Examples that should be waited on

  • "Autonomous AI agents that run your business." Too new, too unreliable, too oversold. Revisit in twelve months.
  • AI-generated video for marketing. The output quality is improving rapidly but the tools change every quarter. Unless video is core to your model, wait six months and see who's left.
  • Custom enterprise-grade AI strategy platforms. Most of these are venture-funded vendors looking for early adopters to subsidize their development. Let larger companies pay that bill.
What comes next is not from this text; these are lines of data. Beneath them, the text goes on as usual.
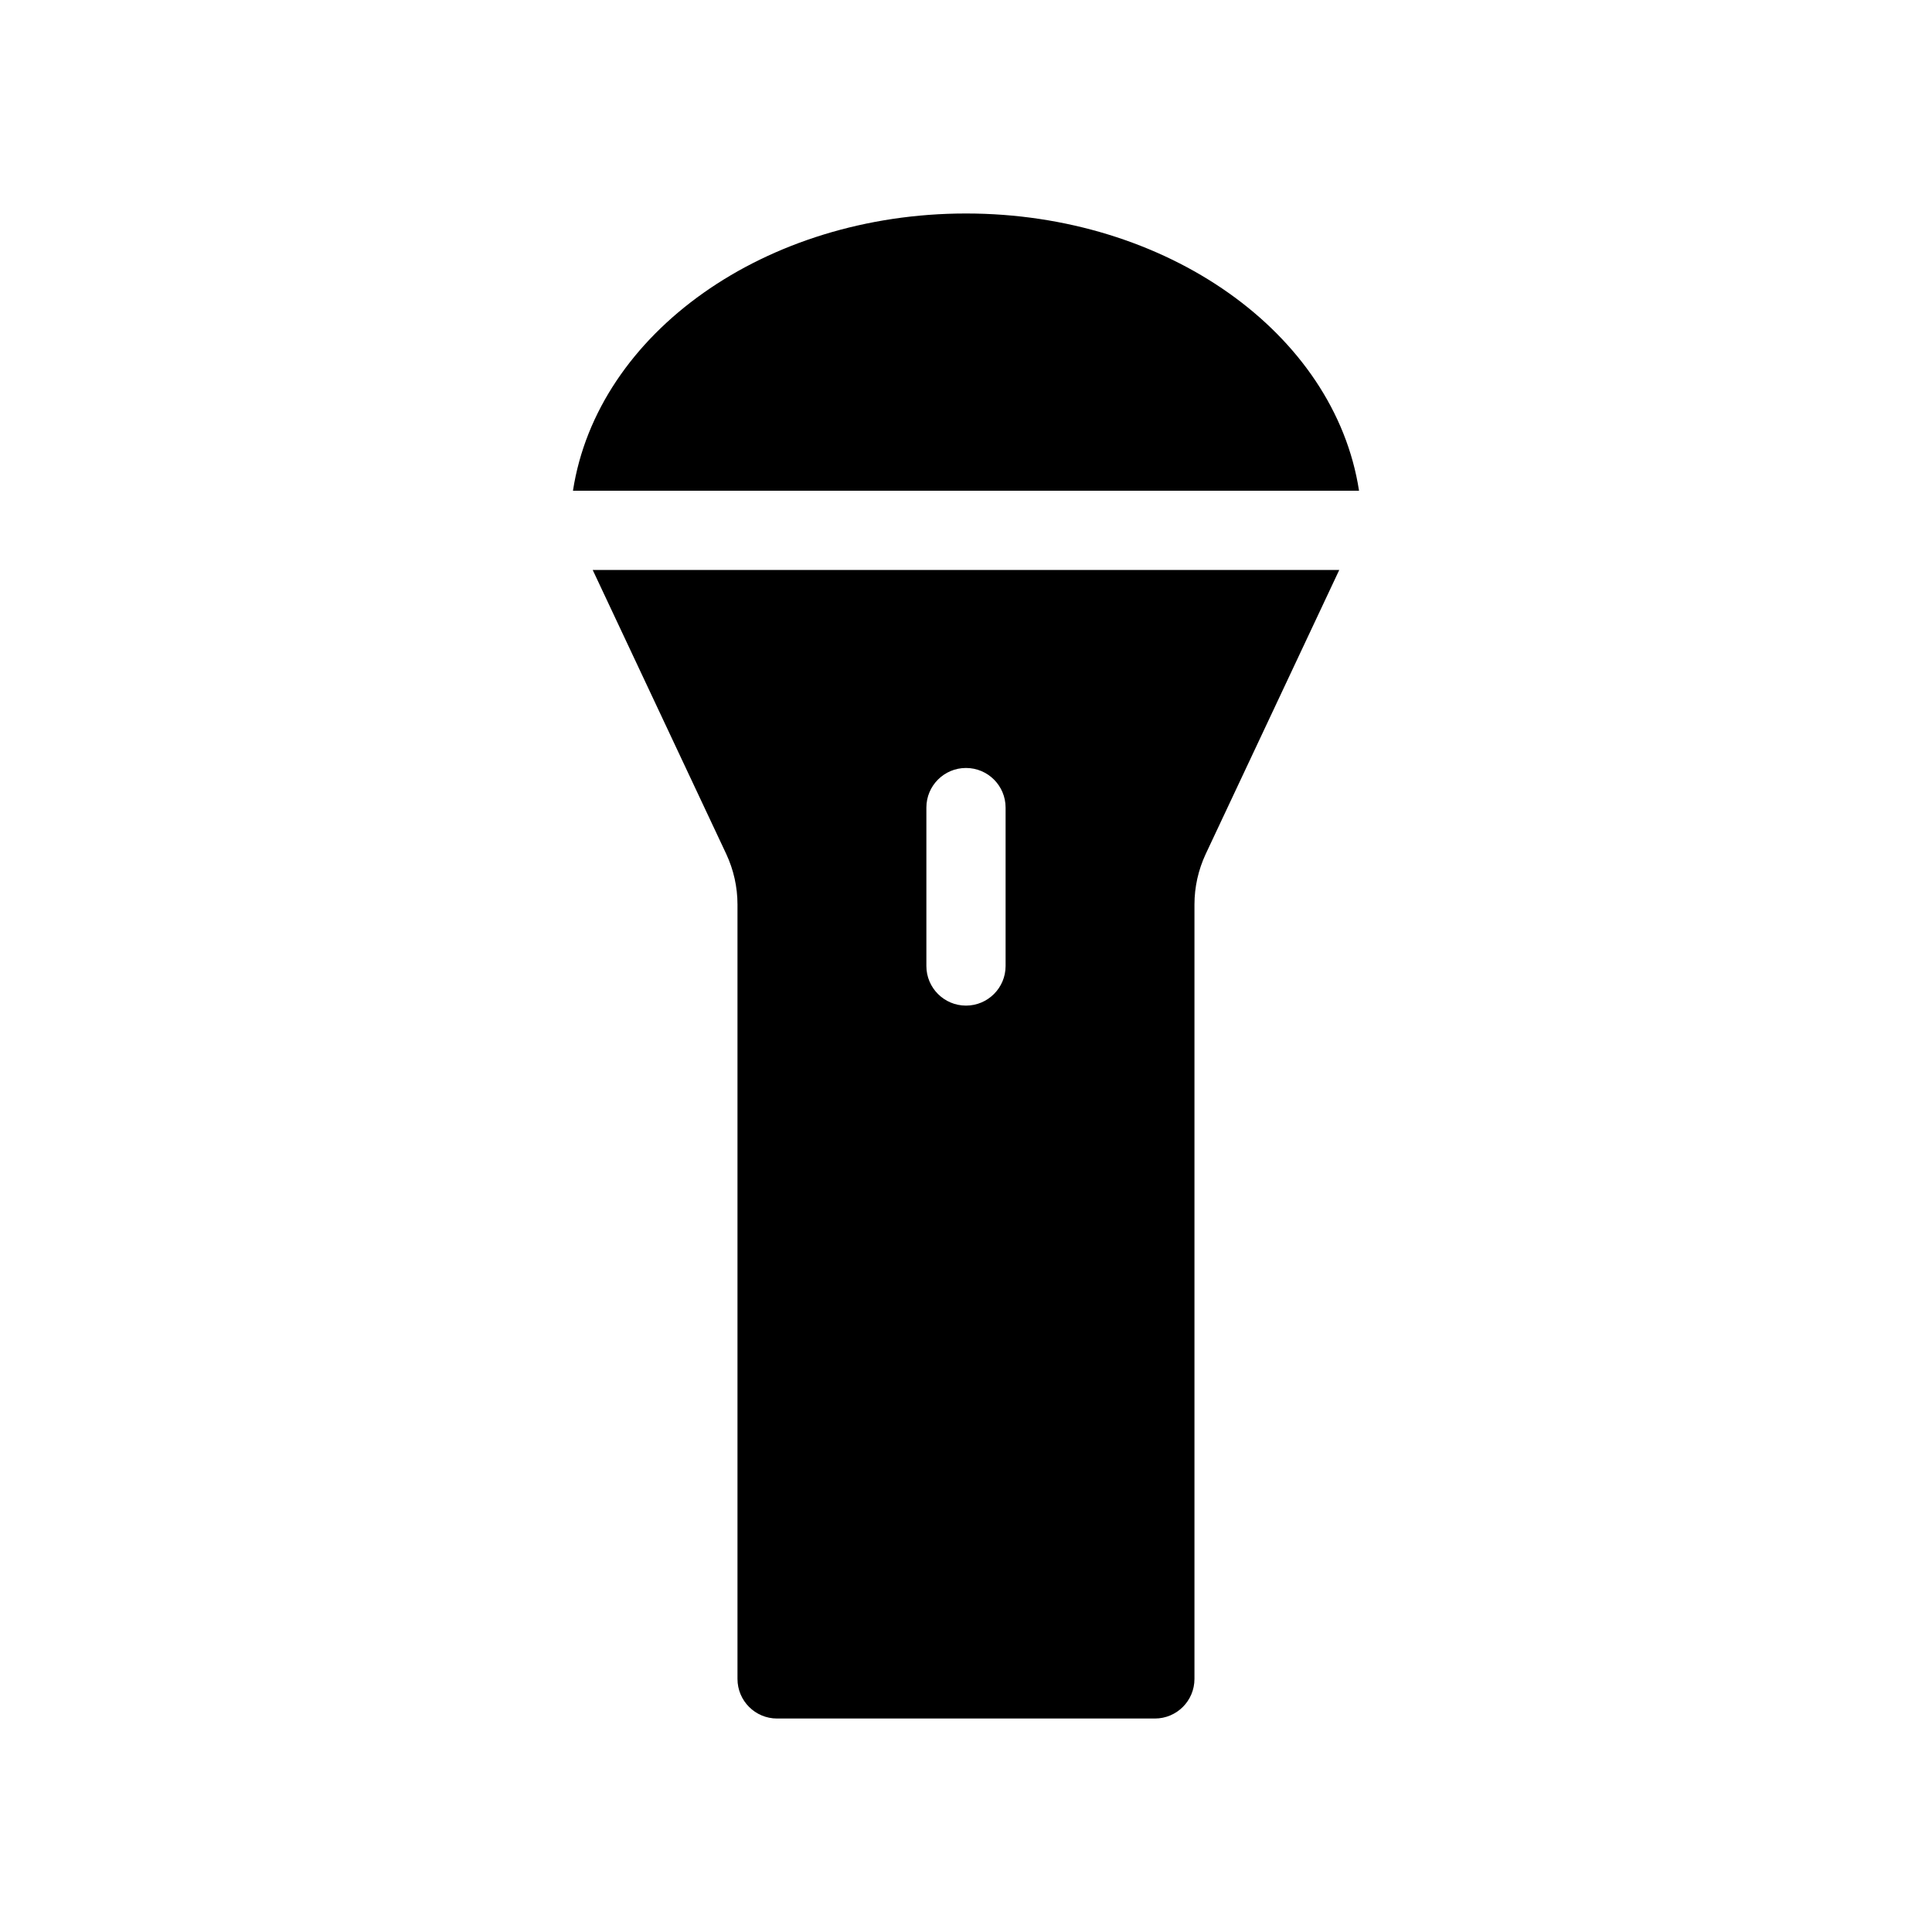 <?xml version="1.0" encoding="UTF-8"?>
<!-- Uploaded to: ICON Repo, www.svgrepo.com, Generator: ICON Repo Mixer Tools -->
<svg fill="#000000" width="800px" height="800px" version="1.1" viewBox="144 144 512 512" xmlns="http://www.w3.org/2000/svg">
 <g fill-rule="evenodd">
  <path d="m498.92 295.04h-197.85l35.383 75.254c1.961 4.199 2.988 8.766 2.988 13.406v205.23c0 5.797 4.691 10.496 10.496 10.496h100.11c5.805 0 10.496-4.699 10.496-10.496v-205.23c0-4.641 1.027-9.207 2.992-13.406zm-109.42 62.977v41.984c0 5.793 4.699 10.496 10.496 10.496 5.793 0 10.496-4.703 10.496-10.496v-41.984c0-5.797-4.703-10.496-10.496-10.496-5.797 0-10.496 4.699-10.496 10.496z"/>
  <path d="m504.16 274.05c-6.465-41.879-51.094-73.473-104.16-73.473-53.07 0-97.699 31.594-104.16 73.473z"/>
 </g>
</svg>

How the three paths interact

A real AI plan uses all three. Most businesses I work with land on a mix:

  • Three or four bought tools for the common, settled categories. Email, scheduling, meeting prep, transcription.
  • Two or three built workflows for the stuff that's specific to you. Weekly digests, custom drafting, internal triage.
  • A wait list of five or ten things that look interesting but aren't ready, checked each quarter.

Running the decision tree

Next time an AI idea comes up, walk it through this:

  1. Can a mature vendor with three solid options handle this? If yes, buy. Stop here.
  2. Is this unique to my business, and can I wire it together with tools I already have? If yes, build. Block off four to eight hours, name the owner, set a thirty-day review.
  3. Otherwise, wait. Put it on the quarterly list with the one thing that would change your mind: a vendor matures, your data gets cleaner, a price drops, a use case gets obvious.

The owners getting the most out of AI this year are the ones who got their build/buy/wait split right early and stuck with it. Get it right and AI takes the low-leverage busywork off your plate, so your hours go to the work that needs you.